# Engine noise immediately after start



## Dave Weitzenhof (Dec 13, 2005)

Almost every time I start my 1.8TSI GSW, I hear a noise that sounds like a very light bearing knock for 1-2 seconds. This has been there since new and I now have ~2400 miles on it. I am thinking that I should change the oil filter, because the filter (on top of the engine) could be draining down between starts. There are no displayed warnings or other symptoms. BTW, I am a race car driver and mechanic, so I know a fair amount about cars.

Anyone have any knowledge about this?


----------



## Dave Weitzenhof (Dec 13, 2005)

*Maybe the secondary air injection is the source*

I got a reply in the Golf SW VII subforum that makes sense:
------------------------------------------------------------
It could be the secondary air injection pump.

Here is an explanation of what that system does.
http://karmakanix.com/knowledgebase/...ection-system/
------------------------------------------------------------
My reply...

I wonder if it would sound like a muffled rattle immediately after startup. I suppose it could, depending on how it interacts with the exhaust pulses. If the exhaust pulses traveled back up the small ports into the thin plastic tubing it might be audible. And it would probably sound like what I hear.

Therefore, this is a likely source of the noise.

Thank you! I will stop worrying about this unless it get louder or something else occurs.


----------



## Dave Weitzenhof (Dec 13, 2005)

*May be mild timing chain rattle*

I've been doing some more reading on the timing-chain tensioner system.
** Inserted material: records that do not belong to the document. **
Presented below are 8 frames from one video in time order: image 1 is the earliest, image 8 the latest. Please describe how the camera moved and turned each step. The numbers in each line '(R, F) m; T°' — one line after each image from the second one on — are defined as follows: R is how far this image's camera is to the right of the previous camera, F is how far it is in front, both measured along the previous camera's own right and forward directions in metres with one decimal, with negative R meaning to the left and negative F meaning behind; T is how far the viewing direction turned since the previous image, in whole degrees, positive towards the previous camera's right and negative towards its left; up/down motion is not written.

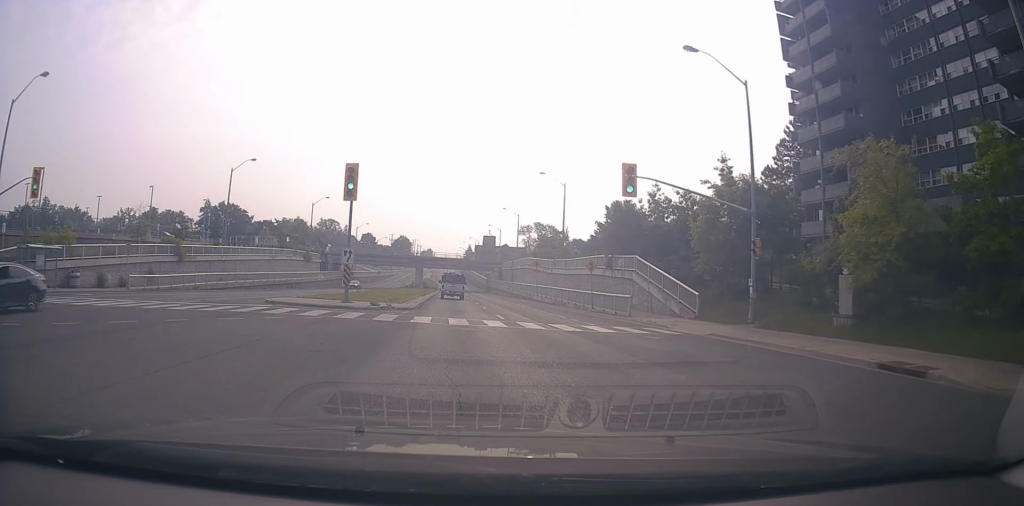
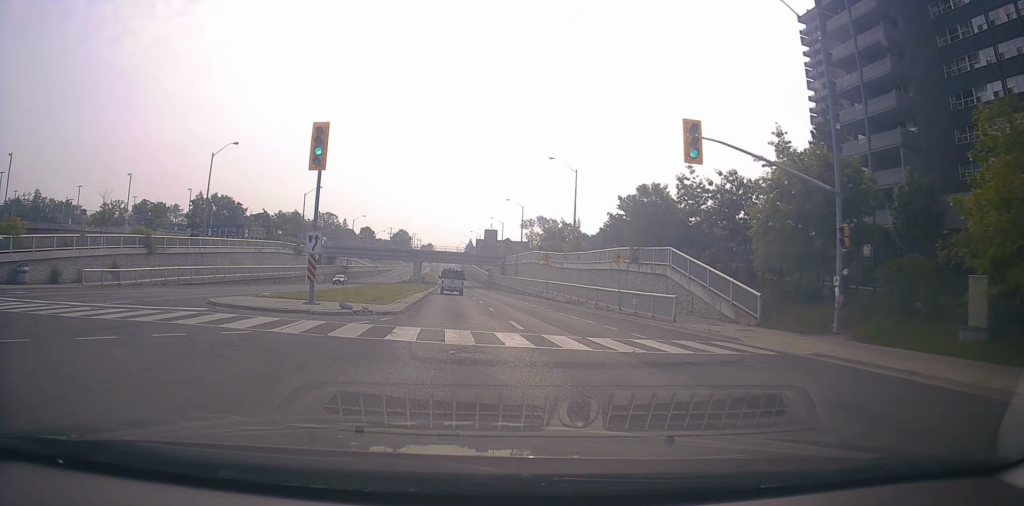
(+0.1, +6.1) m; 0°
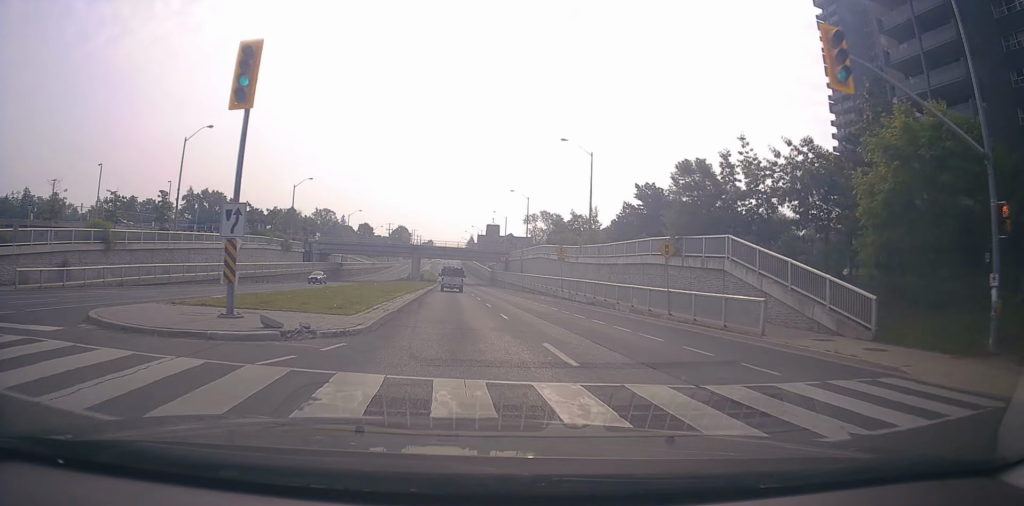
(-0.4, +7.1) m; 0°
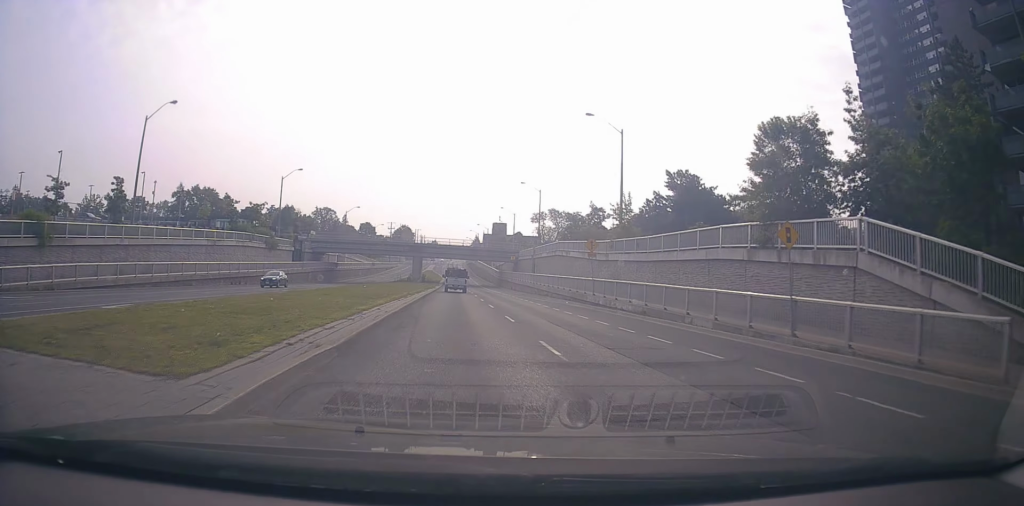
(-0.1, +9.1) m; 0°
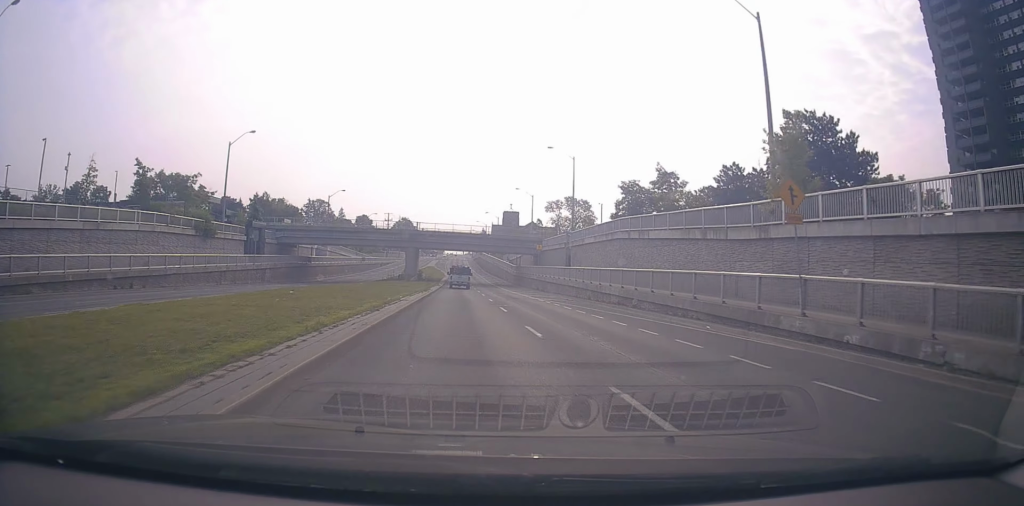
(0.0, +22.6) m; -1°
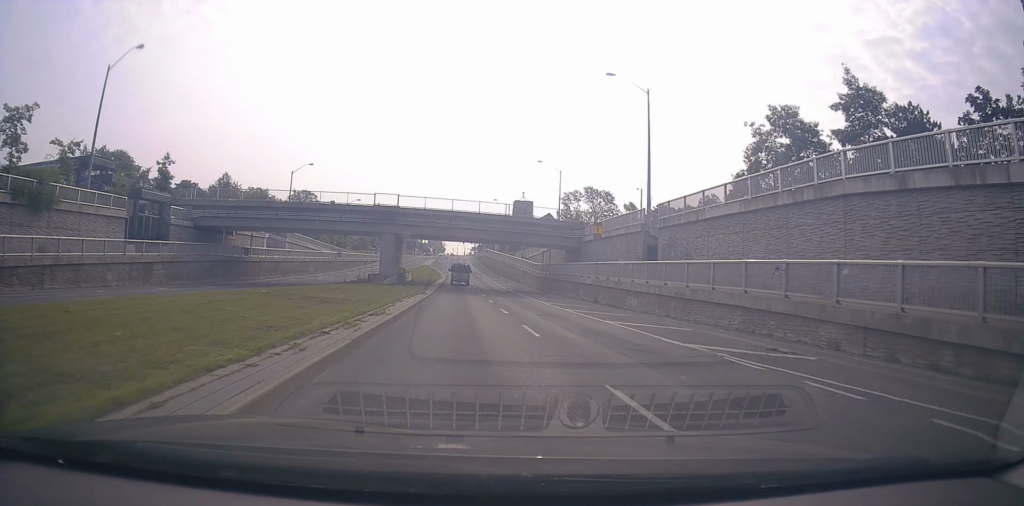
(+0.7, +26.1) m; +1°
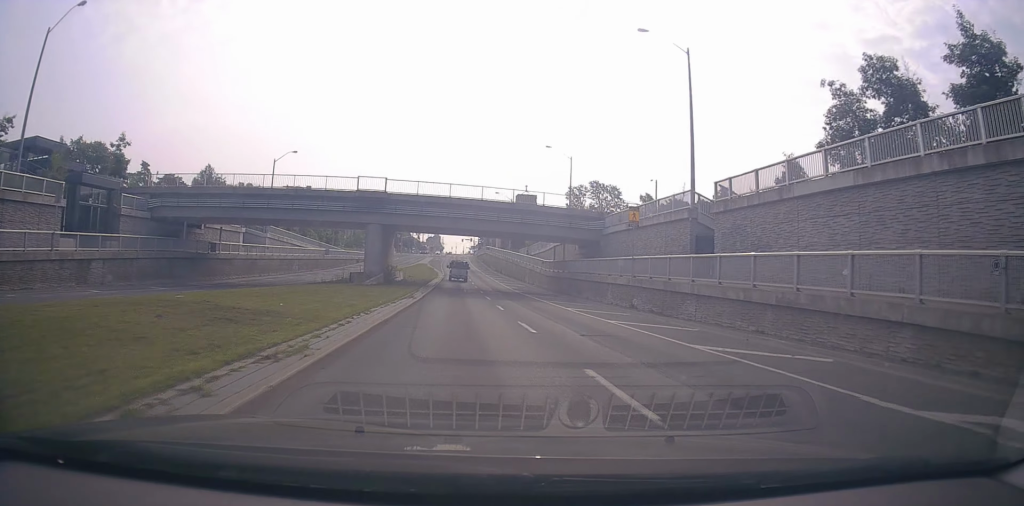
(+0.2, +8.0) m; -1°
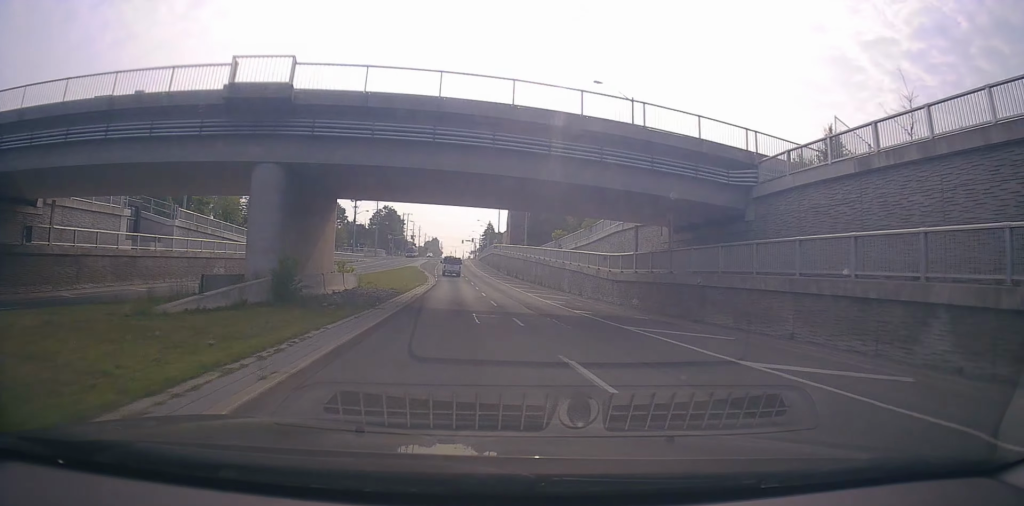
(-0.7, +25.1) m; +1°

Apparently there are 2 hydraulic tensioners in the system. I now believe I am hearing the chain(s) rattle for a second or 2 until the oil pressure comes up.

That does not worry me nearly as much as a bearing knock. So, as I said, I'll not worry about it, but keep my ears tuned to it just in case.


----------



## Sp33d (Apr 8, 2016)

I had the same problem with my car. Here is a YouTube clip of what it sounded like: https://youtu.be/F7YgJrx22BU


----------



## Dave Weitzenhof (Dec 13, 2005)

Sp33d said:


> I had the same problem with my car. Here is a YouTube clip of what it sounded like: https://youtu.be/F7YgJrx22BU


You say you had the same problem - I don't think mine is a problem. It is not loud at all, and it doesn't persist once it is running. Did your progress quickly to something more serious? Mine has done exactly the same thing since it was new, and it now has ~2600 miles on it.


----------



## Dave Weitzenhof (Dec 13, 2005)

Another thought - I may just be hearing a different exhaust note caused by initial ignition retardation to ease starting. This would disappear just after the start and make the noise I was worried about. As I said in an another post, "I'm probably just being overly sensitive to a normal sound, but, IMO, the only dumb question is the one you don't ask."
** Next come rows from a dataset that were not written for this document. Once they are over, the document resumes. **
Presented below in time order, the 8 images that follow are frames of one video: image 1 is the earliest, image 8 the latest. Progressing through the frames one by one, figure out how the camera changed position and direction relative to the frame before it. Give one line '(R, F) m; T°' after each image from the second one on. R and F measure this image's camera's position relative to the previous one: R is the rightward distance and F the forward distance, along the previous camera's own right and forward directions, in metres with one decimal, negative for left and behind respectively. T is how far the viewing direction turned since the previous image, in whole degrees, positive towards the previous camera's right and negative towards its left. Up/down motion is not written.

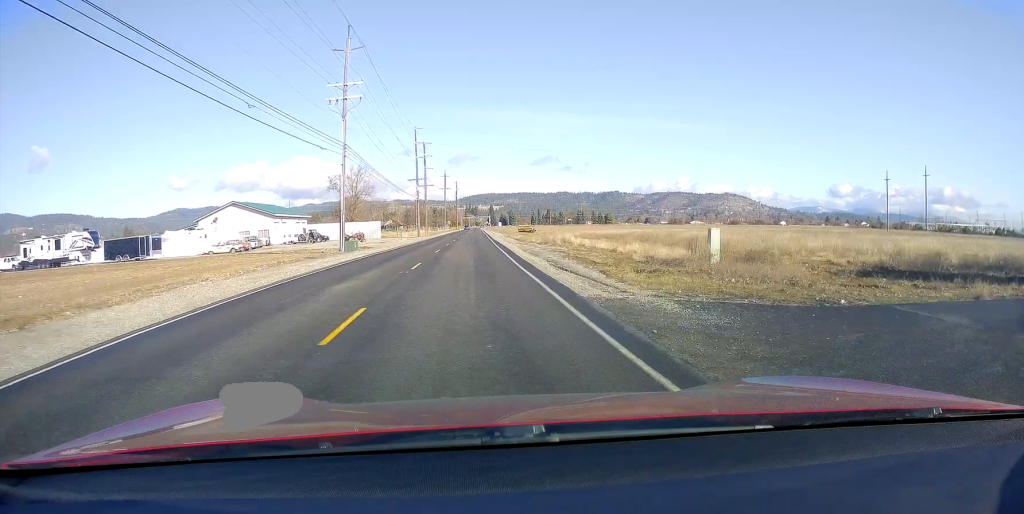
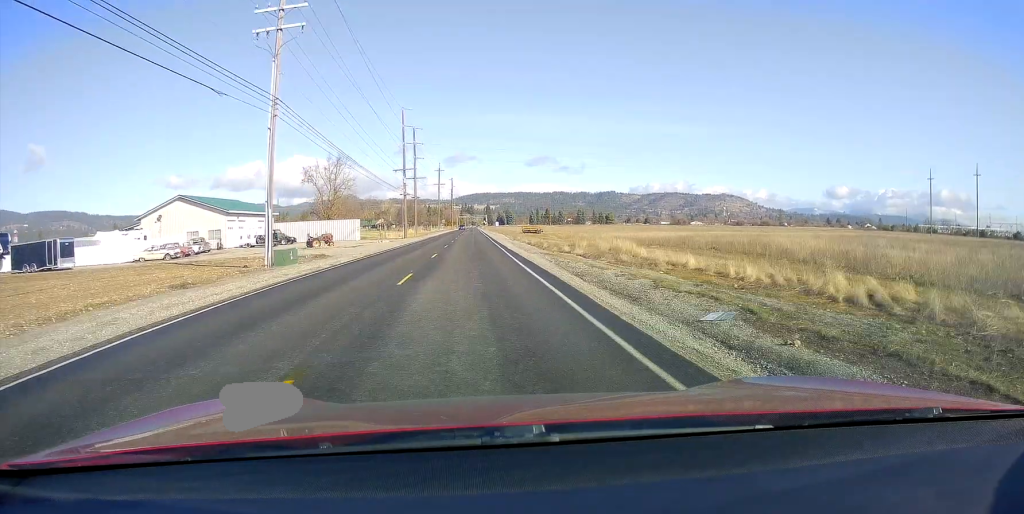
(+0.5, +17.7) m; +1°
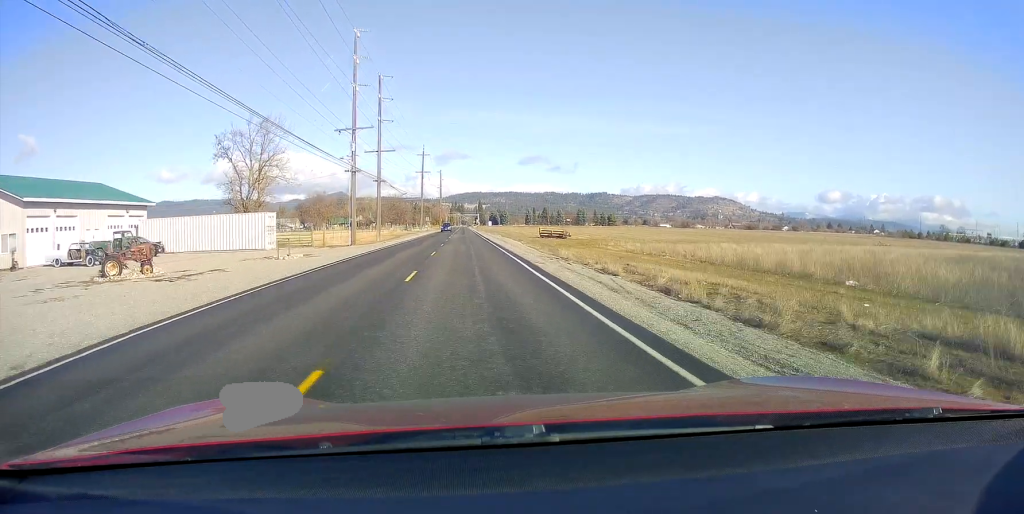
(-1.2, +36.4) m; -1°
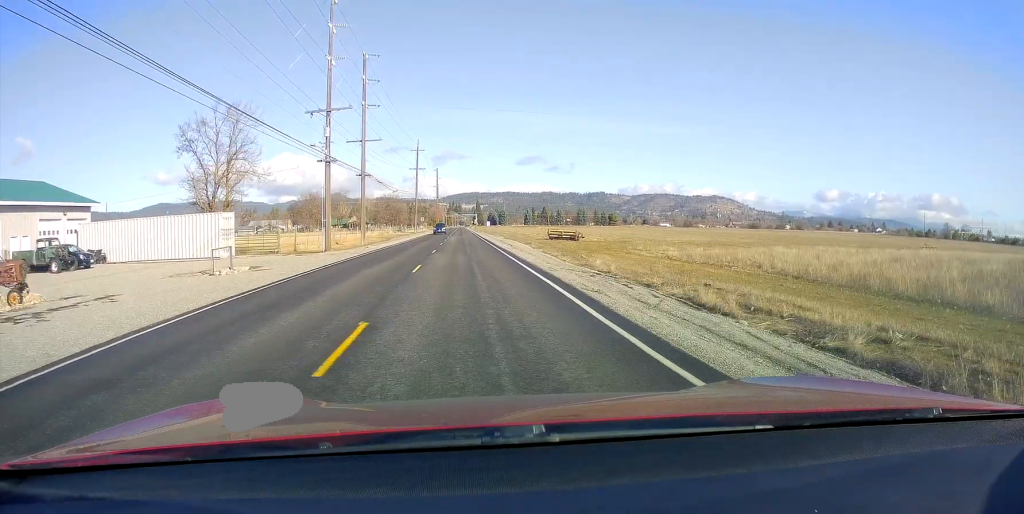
(+0.4, +9.3) m; 0°
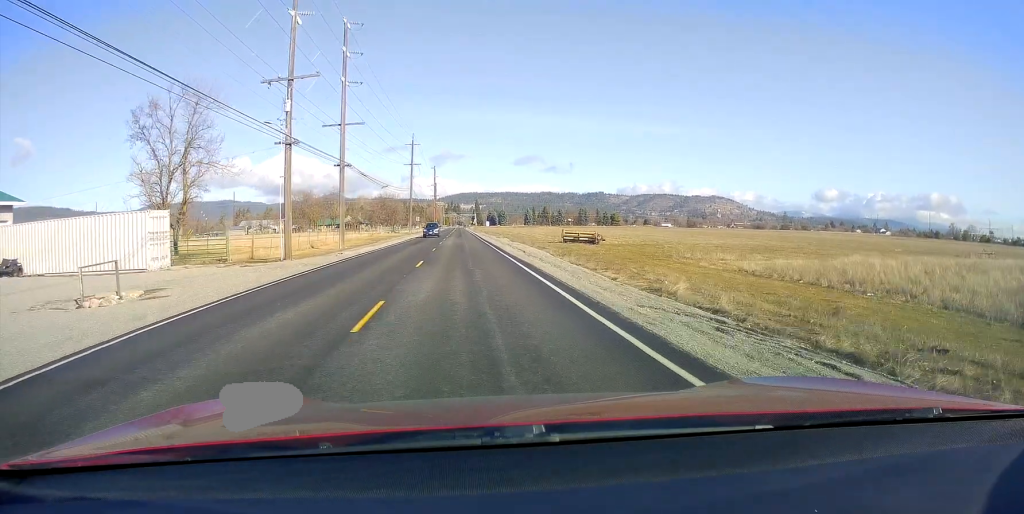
(+0.2, +10.0) m; 0°
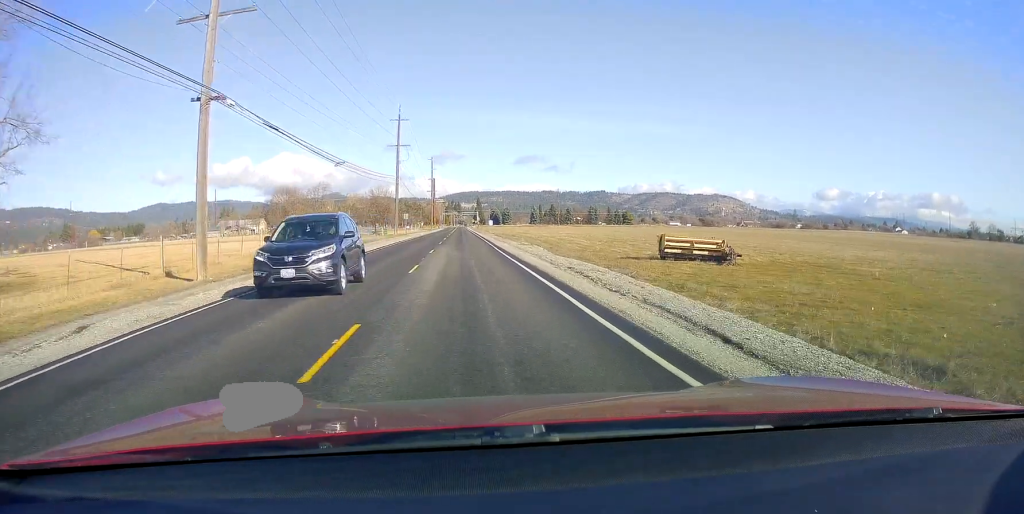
(-0.1, +26.9) m; +1°
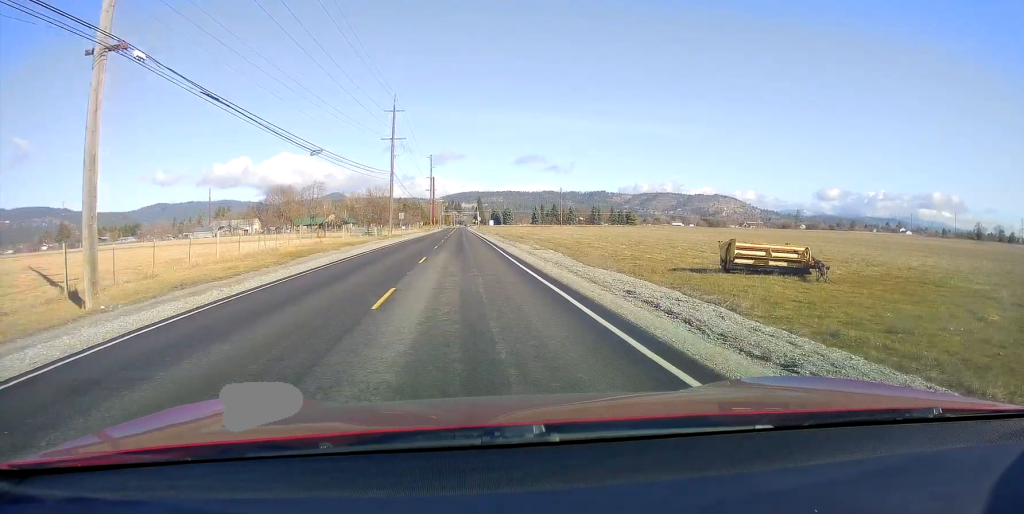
(+0.2, +7.6) m; 0°
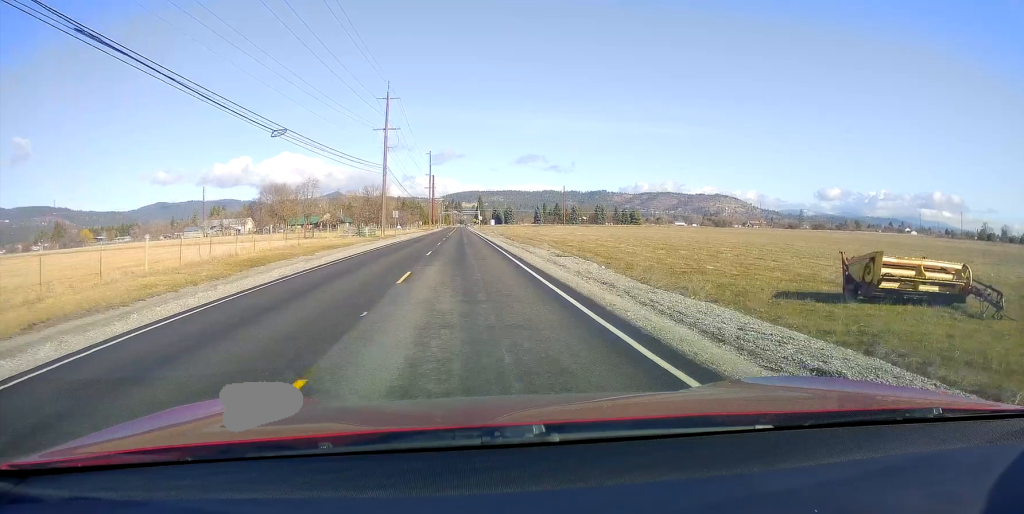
(-0.1, +7.7) m; 0°

Since the engine does transmit some exhaust noise into the cabin in any case, this is probably what I have been hearing.


----------



## gugu1981 (Jul 25, 2011)

my wife's GSW have the same "muffled rattled" for a second or 2 at start up (did it since brand new). And I parked next to a 1.8tsi Passat the other day, and it had the same noise. It's either a very wide spread "problem", or something normal.


Peter


----------



## Sp33d (Apr 8, 2016)

it came out of the blue around 39k miles. I parked my car, started it a few hours later and it sounded like a diesel. The noise went away after roughly 1.5 seconds, and sounded like normal after. It was only during the start that it would happen.


----------



## CDaniel525 (Nov 16, 2016)

Mine has 28k miles and has the same noise.... but I just bought the car, so I hope this is normal as I presumed.


----------



## danski0224 (Aug 7, 2005)

*Same noise as in video link, sounds like engine knock for maybe 2 seconds.*



Sp33d said:


> I had the same problem with my car. Here is a YouTube clip of what it sounded like: https://youtu.be/F7YgJrx22BU


Mine has this exact same noise.

So far, it only seems to happen when the engine is "dead cold" and it has to sit for several hours in low double digit or colder temps.

2016 Sportwagen with 82,000 miles. After 50,000 miles, I decided to change the oil every 5k instead of 10k miles.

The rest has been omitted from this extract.